Goal of the exercise | From the listing below, copy only the lines from the line that contains "#908 = ORIENTED_EDGE( '', *, *, #1207, .T. );" to the line that contains "#1250 = EDGE_CURVE( '', #1448, #1498, #1548, .T.", counting those two lines as part of the copy.

=== Record extracts ===

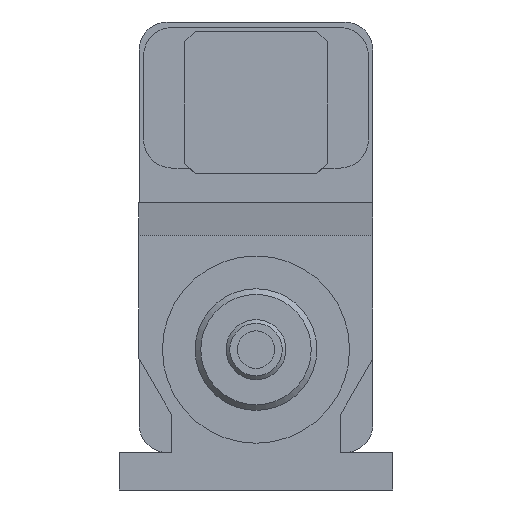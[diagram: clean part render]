
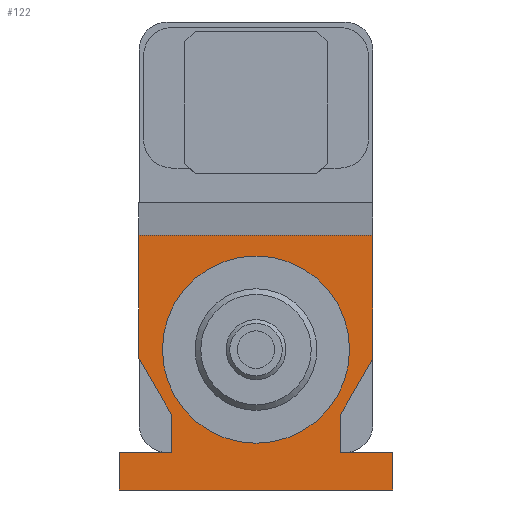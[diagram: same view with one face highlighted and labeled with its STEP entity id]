
A CAD part, left-side view. The second image highlights one B-rep face of the part: STEP entity #122.
In plain terms, the highlighted planar face has unit normal (-1, 0, 0).
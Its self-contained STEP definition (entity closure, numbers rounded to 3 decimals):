
#122 = ADVANCED_FACE( '', ( #252, #253 ), #254, .F. );
#252 = FACE_OUTER_BOUND( '', #423, .T. );
#253 = FACE_BOUND( '', #424, .T. );
#254 = PLANE( '', #425 );
#423 = EDGE_LOOP( '', ( #902, #903, #904, #905, #906, #907, #908, #909, #910, #911, #912, #913 ) );
#424 = EDGE_LOOP( '', ( #914 ) );
#425 = AXIS2_PLACEMENT_3D( '', #915, #916, #917 );
#902 = ORIENTED_EDGE( '', *, *, #1243, .T. );
#903 = ORIENTED_EDGE( '', *, *, #1222, .F. );
#904 = ORIENTED_EDGE( '', *, *, #1250, .F. );
#905 = ORIENTED_EDGE( '', *, *, #1191, .T. );
#906 = ORIENTED_EDGE( '', *, *, #1189, .T. );
#907 = ORIENTED_EDGE( '', *, *, #1209, .T. );
#908 = ORIENTED_EDGE( '', *, *, #1207, .T. );
#909 = ORIENTED_EDGE( '', *, *, #1205, .T. );
#910 = ORIENTED_EDGE( '', *, *, #1202, .T. );
#911 = ORIENTED_EDGE( '', *, *, #1199, .T. );
#912 = ORIENTED_EDGE( '', *, *, #1263, .F. );
#913 = ORIENTED_EDGE( '', *, *, #1266, .T. );
#914 = ORIENTED_EDGE( '', *, *, #1267, .T. );
#915 = CARTESIAN_POINT( '', ( 0., 73., 20. ) );
#916 = DIRECTION( '', ( 1., 0., 0. ) );
#917 = DIRECTION( '', ( 0., 0., -1. ) );
#1189 = EDGE_CURVE( '', #1445, #1443, #1446, .T. );
#1191 = EDGE_CURVE( '', #1448, #1445, #1449, .T. );
#1199 = EDGE_CURVE( '', #1462, #1460, #1463, .T. );
#1202 = EDGE_CURVE( '', #1467, #1462, #1468, .T. );
#1205 = EDGE_CURVE( '', #1471, #1467, #1472, .T. );
#1207 = EDGE_CURVE( '', #1474, #1471, #1475, .T. );
#1209 = EDGE_CURVE( '', #1443, #1474, #1477, .T. );
#1222 = EDGE_CURVE( '', #1498, #1496, #1500, .T. );
#1243 = EDGE_CURVE( '', #1536, #1496, #1537, .T. );
#1250 = EDGE_CURVE( '', #1448, #1498, #1548, .T. );
#1263 = EDGE_CURVE( '', #1569, #1460, #1571, .T. );
#1266 = EDGE_CURVE( '', #1569, #1536, #1574, .T. );
#1267 = EDGE_CURVE( '', #1575, #1575, #1576, .F. );
#1443 = VERTEX_POINT( '', #1825 );
#1445 = VERTEX_POINT( '', #1828 );
#1446 = LINE( '', #1829, #1830 );
#1448 = VERTEX_POINT( '', #1833 );
#1449 = LINE( '', #1834, #1835 );
#1460 = VERTEX_POINT( '', #1852 );
#1462 = VERTEX_POINT( '', #1855 );
#1463 = LINE( '', #1856, #1857 );
#1467 = VERTEX_POINT( '', #1863 );
#1468 = LINE( '', #1864, #1865 );
#1471 = VERTEX_POINT( '', #1870 );
#1472 = LINE( '', #1871, #1872 );
#1474 = VERTEX_POINT( '', #1875 );
#1475 = LINE( '', #1876, #1877 );
#1477 = LINE( '', #1880, #1881 );
#1496 = VERTEX_POINT( '', #1908 );
#1498 = VERTEX_POINT( '', #1911 );
#1500 = LINE( '', #1914, #1915 );
#1536 = VERTEX_POINT( '', #1968 );
#1537 = LINE( '', #1969, #1970 );
#1548 = LINE( '', #1986, #1987 );
#1569 = VERTEX_POINT( '', #2017 );
#1571 = LINE( '', #2020, #2021 );
#1574 = LINE( '', #2026, #2027 );
#1575 = VERTEX_POINT( '', #2028 );
#1576 = CIRCLE( '', #2029, 50. );
#1825 = CARTESIAN_POINT( '', ( 0., -62.5, 70.3 ) );
#1828 = CARTESIAN_POINT( '', ( 0., -45., 40. ) );
#1829 = CARTESIAN_POINT( '', ( 0., -62.5, 70.3 ) );
#1830 = VECTOR( '', #2205, 1000. );
#1833 = CARTESIAN_POINT( '', ( 0., -45., 20. ) );
#1834 = CARTESIAN_POINT( '', ( 0., -45., 40. ) );
#1835 = VECTOR( '', #2207, 1000. );
#1852 = CARTESIAN_POINT( '', ( 0., 45., 20. ) );
#1855 = CARTESIAN_POINT( '', ( 0., 45., 40. ) );
#1856 = CARTESIAN_POINT( '', ( 0., 45., 40. ) );
#1857 = VECTOR( '', #2215, 1000. );
#1863 = CARTESIAN_POINT( '', ( 0., 62.5, 70.3 ) );
#1864 = CARTESIAN_POINT( '', ( 0., 62.5, 70.3 ) );
#1865 = VECTOR( '', #2218, 1000. );
#1870 = CARTESIAN_POINT( '', ( 0., 62.5, 136. ) );
#1871 = CARTESIAN_POINT( '', ( 0., 62.5, 136. ) );
#1872 = VECTOR( '', #2221, 1000. );
#1875 = CARTESIAN_POINT( '', ( 0., -62.5, 136. ) );
#1876 = CARTESIAN_POINT( '', ( 0., -62.5, 136. ) );
#1877 = VECTOR( '', #2223, 1000. );
#1880 = CARTESIAN_POINT( '', ( 0., -62.5, 70.3 ) );
#1881 = VECTOR( '', #2225, 1000. );
#1908 = CARTESIAN_POINT( '', ( 0., -73., 0. ) );
#1911 = CARTESIAN_POINT( '', ( 0., -73., 20. ) );
#1914 = CARTESIAN_POINT( '', ( 0., -73., 20. ) );
#1915 = VECTOR( '', #2242, 1000. );
#1968 = CARTESIAN_POINT( '', ( 0., 73., 0. ) );
#1969 = CARTESIAN_POINT( '', ( 0., 73., 0. ) );
#1970 = VECTOR( '', #2269, 1000. );
#1986 = CARTESIAN_POINT( '', ( 0., 73., 20. ) );
#1987 = VECTOR( '', #2278, 1000. );
#2017 = CARTESIAN_POINT( '', ( 0., 73., 20. ) );
#2020 = CARTESIAN_POINT( '', ( 0., 73., 20. ) );
#2021 = VECTOR( '', #2295, 1000. );
#2026 = CARTESIAN_POINT( '', ( 0., 73., 20. ) );
#2027 = VECTOR( '', #2298, 1000. );
#2028 = CARTESIAN_POINT( '', ( 0., -50., 75. ) );
#2029 = AXIS2_PLACEMENT_3D( '', #2299, #2300, #2301 );
#2205 = DIRECTION( '', ( 0., -0.5, 0.866 ) );
#2207 = DIRECTION( '', ( 0., 0., 1. ) );
#2215 = DIRECTION( '', ( 0., 0., -1. ) );
#2218 = DIRECTION( '', ( 0., -0.5, -0.866 ) );
#2221 = DIRECTION( '', ( 0., 0., -1. ) );
#2223 = DIRECTION( '', ( 0., 1., 0. ) );
#2225 = DIRECTION( '', ( 0., 0., 1. ) );
#2242 = DIRECTION( '', ( 0., 0., -1. ) );
#2269 = DIRECTION( '', ( 0., -1., 0. ) );
#2278 = DIRECTION( '', ( 0., -1., 0. ) );
#2295 = DIRECTION( '', ( 0., -1., 0. ) );
#2298 = DIRECTION( '', ( 0., 0., -1. ) );
#2299 = CARTESIAN_POINT( '', ( 0., 0., 75. ) );
#2300 = DIRECTION( '', ( -1., 0., 0. ) );
#2301 = DIRECTION( '', ( 0., -1., 0. ) );
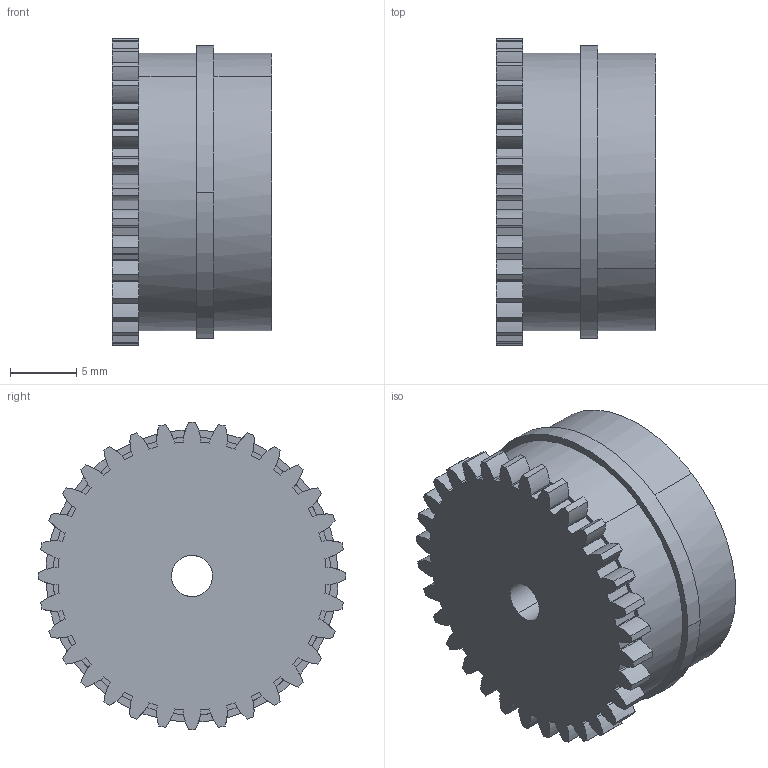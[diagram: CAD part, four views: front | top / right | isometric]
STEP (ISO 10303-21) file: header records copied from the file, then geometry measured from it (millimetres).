
FILE_DESCRIPTION(/* description */ (''),/* implementation_level */ '2;1');
FILE_NAME(/* name */ 'WHEEL_~1',/* time_stamp */ '2024-03-17T19:25:32+01:00',/* author */ (''),/* organization */ (''),/* preprocessor_version */ 'ST-DEVELOPER v16.5',/* originating_system */ '',/* authorisation */ '');
FILE_SCHEMA (('AUTOMOTIVE_DESIGN'));
Length unit declared in the file: millimetre
Products named in the file (1): Document
Bounding box: 12 x 23.11 x 23.11 mm (x, y, z)
Volume: 2296.6 mm3; surface area: 2215.5 mm2
Topology: 1 solids, 1 shells, 271 faces, 734 edges, 468 vertices
Faces by surface type: bspline 202, plane 69
Entity records: 11476 total; most frequent: CARTESIAN_POINT 7747, ORIENTED_EDGE 1468, EDGE_CURVE 734, VERTEX_POINT 468, EDGE_LOOP 276, ADVANCED_FACE 271, FACE_OUTER_BOUND 271, DIRECTION 73

===

Answer to this task |
#908 = ORIENTED_EDGE( '', *, *, #1207, .T. );
#909 = ORIENTED_EDGE( '', *, *, #1205, .T. );
#910 = ORIENTED_EDGE( '', *, *, #1202, .T. );
#911 = ORIENTED_EDGE( '', *, *, #1199, .T. );
#912 = ORIENTED_EDGE( '', *, *, #1263, .F. );
#913 = ORIENTED_EDGE( '', *, *, #1266, .T. );
#914 = ORIENTED_EDGE( '', *, *, #1267, .T. );
#915 = CARTESIAN_POINT( '', ( 0., 73., 20. ) );
#916 = DIRECTION( '', ( 1., 0., 0. ) );
#917 = DIRECTION( '', ( 0., 0., -1. ) );
#1189 = EDGE_CURVE( '', #1445, #1443, #1446, .T. );
#1191 = EDGE_CURVE( '', #1448, #1445, #1449, .T. );
#1199 = EDGE_CURVE( '', #1462, #1460, #1463, .T. );
#1202 = EDGE_CURVE( '', #1467, #1462, #1468, .T. );
#1205 = EDGE_CURVE( '', #1471, #1467, #1472, .T. );
#1207 = EDGE_CURVE( '', #1474, #1471, #1475, .T. );
#1209 = EDGE_CURVE( '', #1443, #1474, #1477, .T. );
#1222 = EDGE_CURVE( '', #1498, #1496, #1500, .T. );
#1243 = EDGE_CURVE( '', #1536, #1496, #1537, .T. );
#1250 = EDGE_CURVE( '', #1448, #1498, #1548, .T. );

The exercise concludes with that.